SUPPLIED DATA:
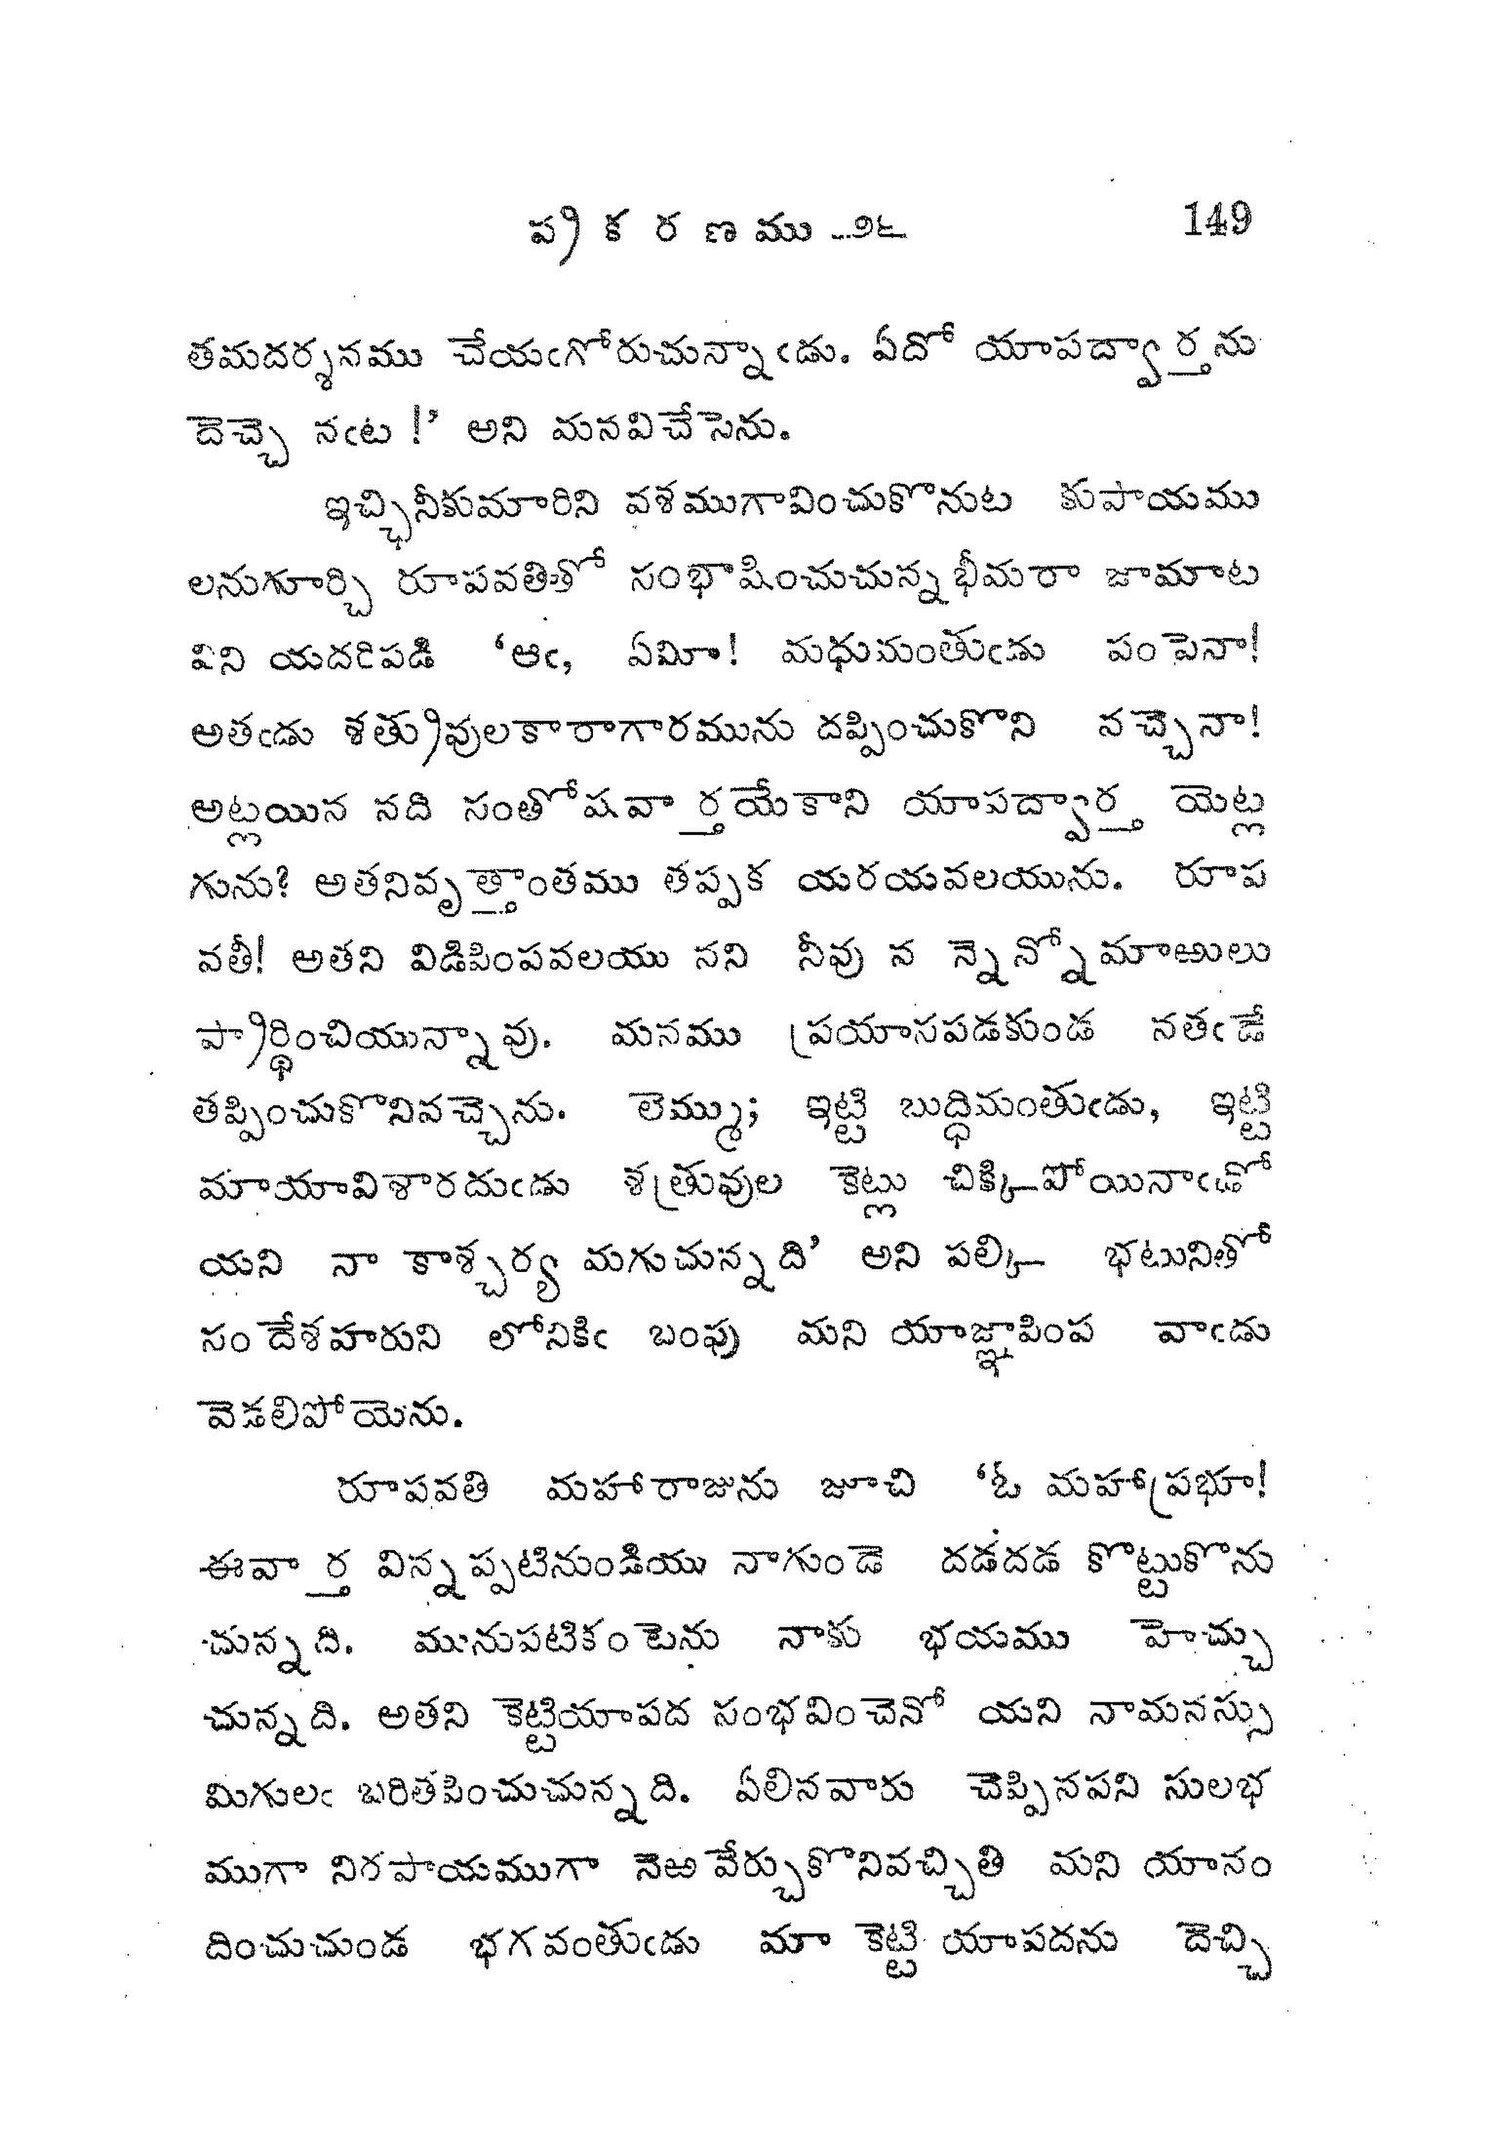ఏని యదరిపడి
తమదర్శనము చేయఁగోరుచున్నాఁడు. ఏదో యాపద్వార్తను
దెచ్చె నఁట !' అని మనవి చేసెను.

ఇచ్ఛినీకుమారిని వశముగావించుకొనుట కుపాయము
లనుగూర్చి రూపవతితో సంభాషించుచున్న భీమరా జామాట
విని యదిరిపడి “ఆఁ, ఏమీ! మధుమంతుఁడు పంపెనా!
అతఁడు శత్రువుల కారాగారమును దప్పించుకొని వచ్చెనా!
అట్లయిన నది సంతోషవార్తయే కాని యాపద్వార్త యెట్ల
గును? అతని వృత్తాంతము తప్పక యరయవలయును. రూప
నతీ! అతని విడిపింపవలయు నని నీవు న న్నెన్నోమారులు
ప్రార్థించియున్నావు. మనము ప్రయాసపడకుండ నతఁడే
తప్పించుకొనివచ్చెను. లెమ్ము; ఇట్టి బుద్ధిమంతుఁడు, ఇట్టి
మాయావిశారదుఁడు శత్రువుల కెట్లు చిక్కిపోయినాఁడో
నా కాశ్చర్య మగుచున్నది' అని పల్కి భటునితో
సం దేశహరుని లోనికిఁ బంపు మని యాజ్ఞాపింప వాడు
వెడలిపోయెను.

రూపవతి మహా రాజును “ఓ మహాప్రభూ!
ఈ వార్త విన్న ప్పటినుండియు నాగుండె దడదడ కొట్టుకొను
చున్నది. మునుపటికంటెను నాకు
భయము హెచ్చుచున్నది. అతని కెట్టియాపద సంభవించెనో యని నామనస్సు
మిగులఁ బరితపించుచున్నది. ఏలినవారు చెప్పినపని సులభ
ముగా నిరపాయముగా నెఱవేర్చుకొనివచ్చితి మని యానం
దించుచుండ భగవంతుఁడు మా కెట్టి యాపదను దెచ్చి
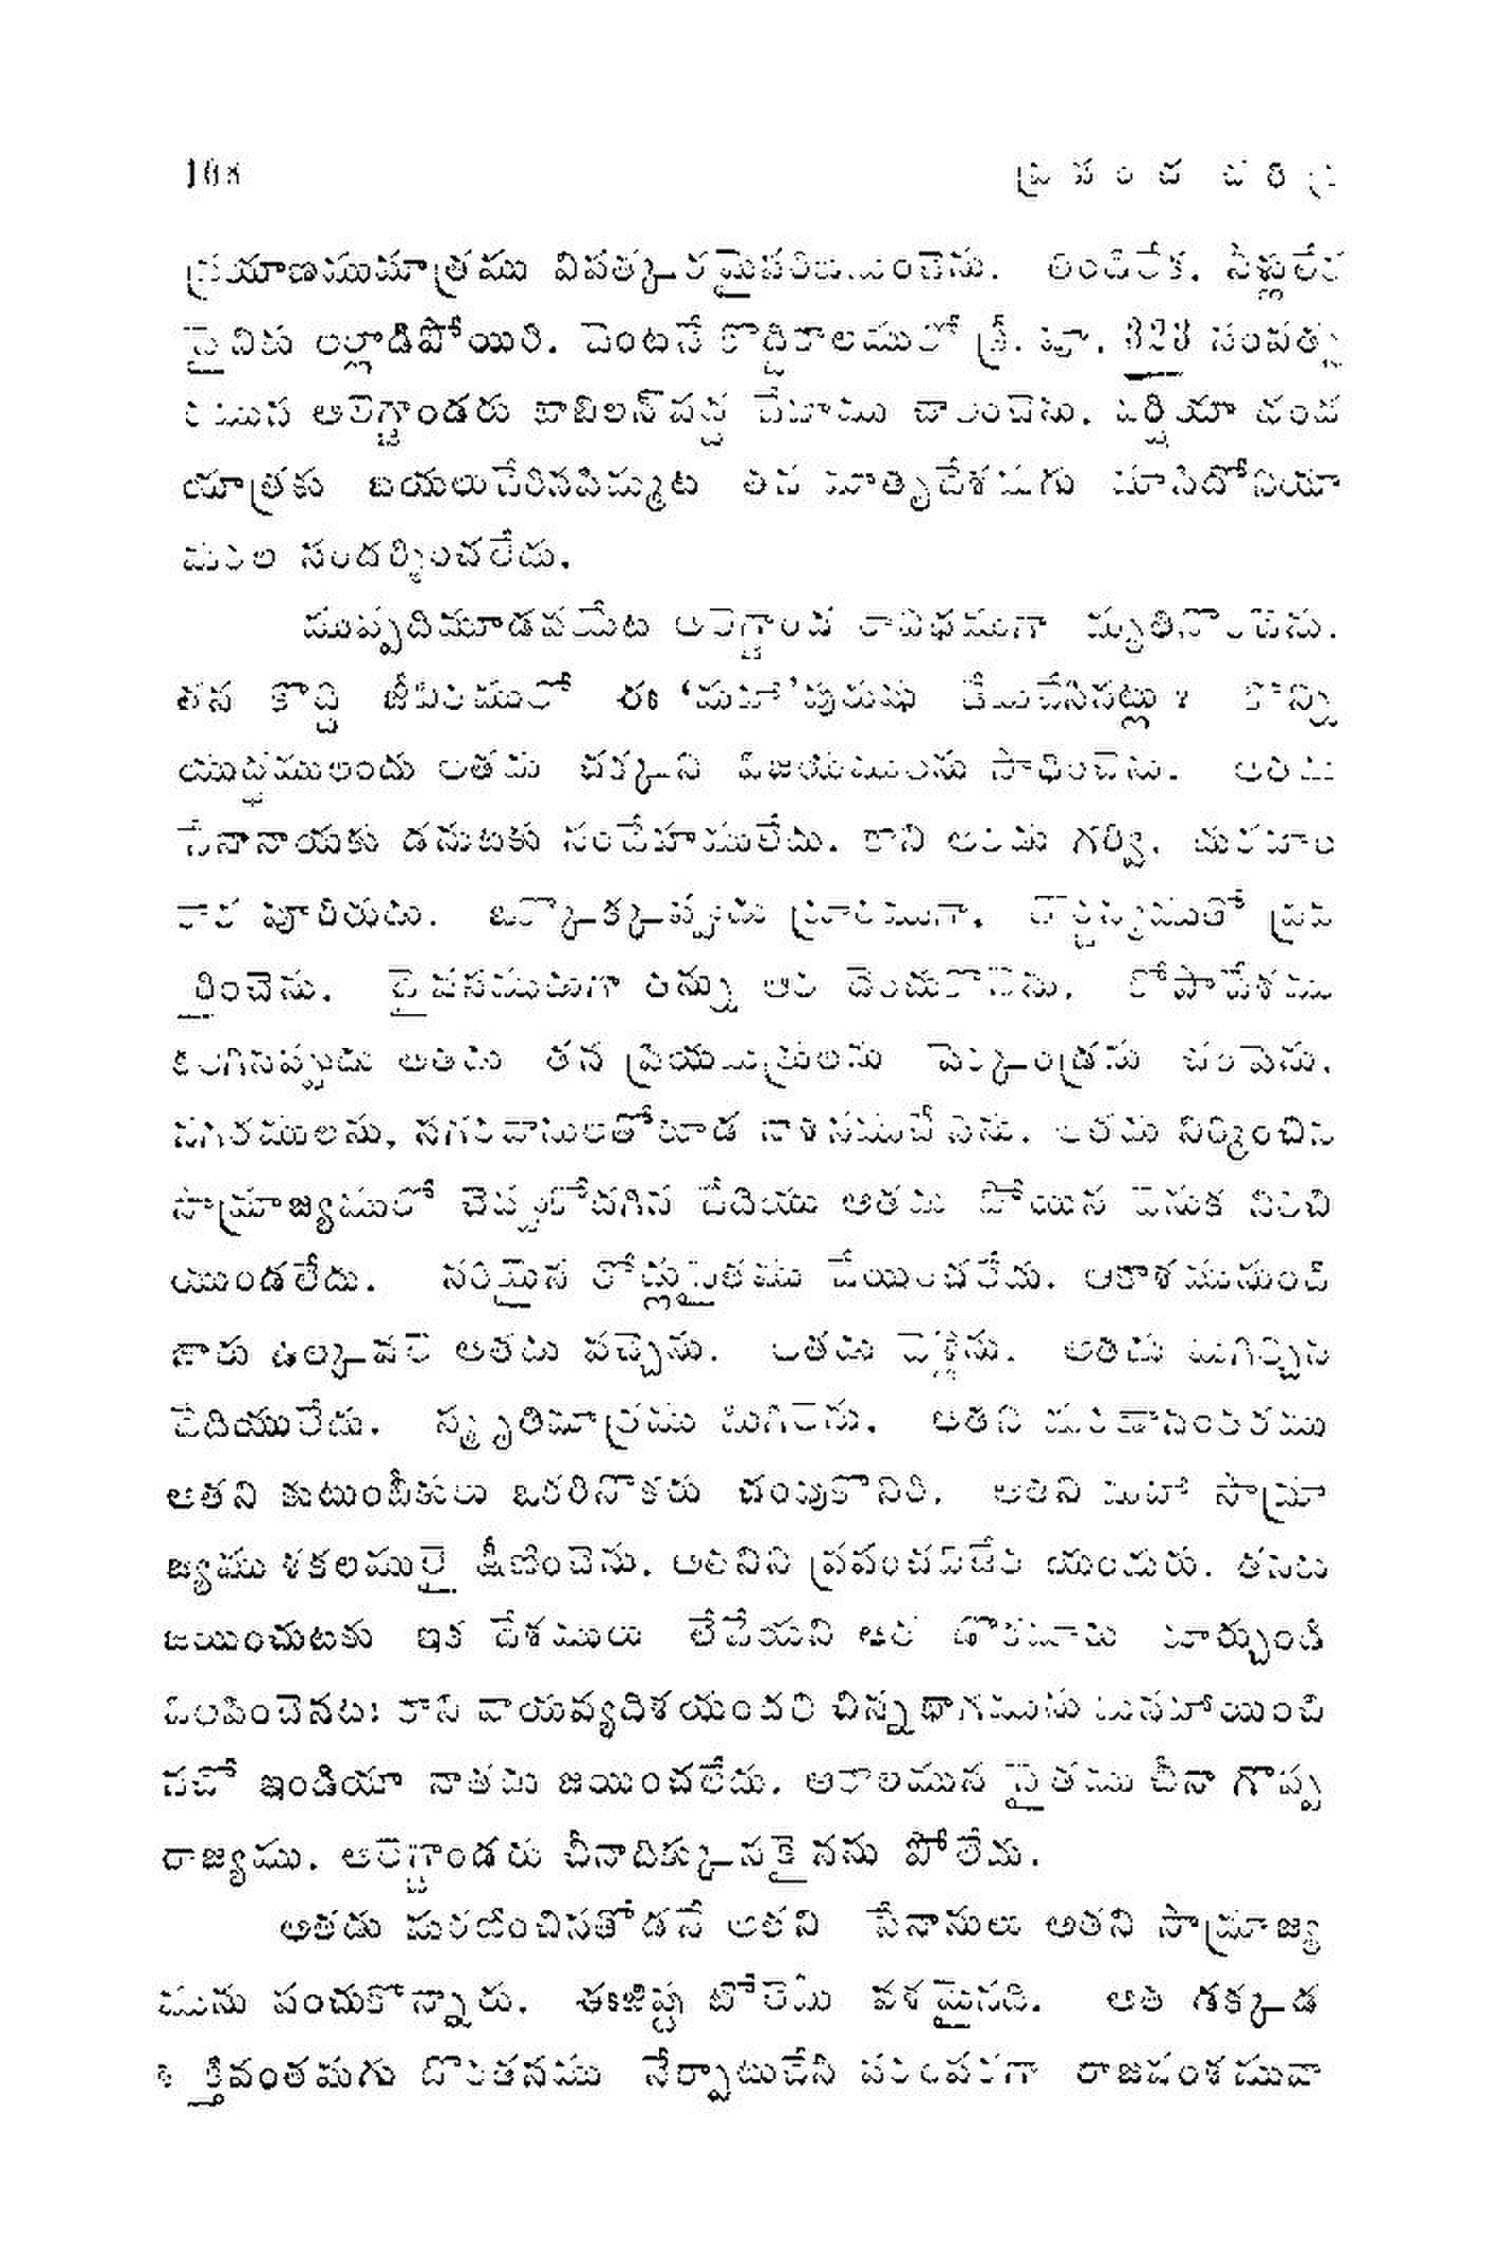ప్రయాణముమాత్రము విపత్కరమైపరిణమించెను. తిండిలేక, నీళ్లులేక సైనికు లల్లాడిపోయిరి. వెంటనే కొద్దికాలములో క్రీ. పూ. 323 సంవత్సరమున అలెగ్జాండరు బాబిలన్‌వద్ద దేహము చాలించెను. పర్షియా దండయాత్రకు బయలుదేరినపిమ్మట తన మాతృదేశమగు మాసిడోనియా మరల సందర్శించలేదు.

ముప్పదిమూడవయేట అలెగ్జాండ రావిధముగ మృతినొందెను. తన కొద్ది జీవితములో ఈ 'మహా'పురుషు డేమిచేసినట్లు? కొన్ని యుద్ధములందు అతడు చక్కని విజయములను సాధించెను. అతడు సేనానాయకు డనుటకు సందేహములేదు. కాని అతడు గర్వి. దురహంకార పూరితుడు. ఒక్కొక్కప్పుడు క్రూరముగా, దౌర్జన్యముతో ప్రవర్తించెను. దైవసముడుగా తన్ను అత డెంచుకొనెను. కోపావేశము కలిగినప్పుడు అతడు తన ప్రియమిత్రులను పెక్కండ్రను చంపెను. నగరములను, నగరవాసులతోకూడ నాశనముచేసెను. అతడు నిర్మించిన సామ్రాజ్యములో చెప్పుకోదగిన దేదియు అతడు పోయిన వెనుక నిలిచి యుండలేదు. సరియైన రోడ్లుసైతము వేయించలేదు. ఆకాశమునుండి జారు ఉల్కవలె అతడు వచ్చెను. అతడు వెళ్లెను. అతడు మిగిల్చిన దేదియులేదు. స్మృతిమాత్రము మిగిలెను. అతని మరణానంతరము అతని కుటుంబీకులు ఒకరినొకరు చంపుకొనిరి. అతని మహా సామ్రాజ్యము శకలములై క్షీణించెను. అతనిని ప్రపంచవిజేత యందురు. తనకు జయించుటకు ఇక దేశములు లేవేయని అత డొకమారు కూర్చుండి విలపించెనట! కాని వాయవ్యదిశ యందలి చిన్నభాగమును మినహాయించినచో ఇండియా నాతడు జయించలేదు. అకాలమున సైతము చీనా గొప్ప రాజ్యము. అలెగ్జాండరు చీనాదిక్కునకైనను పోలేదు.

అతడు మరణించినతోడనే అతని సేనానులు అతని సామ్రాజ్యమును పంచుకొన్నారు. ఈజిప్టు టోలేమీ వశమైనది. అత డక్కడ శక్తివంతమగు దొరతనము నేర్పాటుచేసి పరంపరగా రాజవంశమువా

WHAT NEEDS TO BE DONE: Reproduce, word for word and in full, only the lines above that start at the line with "లనుగూర్చి రూపవతితో సంభాషించుచున్న భీమరా జామాట" and run through the line with "ముగా నిరపాయముగా నెఱవేర్చుకొనివచ్చితి మని యానం", both ends included.

PROBLEM SOLUTION:
లనుగూర్చి రూపవతితో సంభాషించుచున్న భీమరా జామాట
విని యదిరిపడి “ఆఁ, ఏమీ! మధుమంతుఁడు పంపెనా!
అతఁడు శత్రువుల కారాగారమును దప్పించుకొని వచ్చెనా!
అట్లయిన నది సంతోషవార్తయే కాని యాపద్వార్త యెట్ల
గును? అతని వృత్తాంతము తప్పక యరయవలయును. రూప
నతీ! అతని విడిపింపవలయు నని నీవు న న్నెన్నోమారులు
ప్రార్థించియున్నావు. మనము ప్రయాసపడకుండ నతఁడే
తప్పించుకొనివచ్చెను. లెమ్ము; ఇట్టి బుద్ధిమంతుఁడు, ఇట్టి
మాయావిశారదుఁడు శత్రువుల కెట్లు చిక్కిపోయినాఁడో
నా కాశ్చర్య మగుచున్నది' అని పల్కి భటునితో
సం దేశహరుని లోనికిఁ బంపు మని యాజ్ఞాపింప వాడు
వెడలిపోయెను.

రూపవతి మహా రాజును “ఓ మహాప్రభూ!
ఈ వార్త విన్న ప్పటినుండియు నాగుండె దడదడ కొట్టుకొను
చున్నది. మునుపటికంటెను నాకు
భయము హెచ్చుచున్నది. అతని కెట్టియాపద సంభవించెనో యని నామనస్సు
మిగులఁ బరితపించుచున్నది. ఏలినవారు చెప్పినపని సులభ
ముగా నిరపాయముగా నెఱవేర్చుకొనివచ్చితి మని యానం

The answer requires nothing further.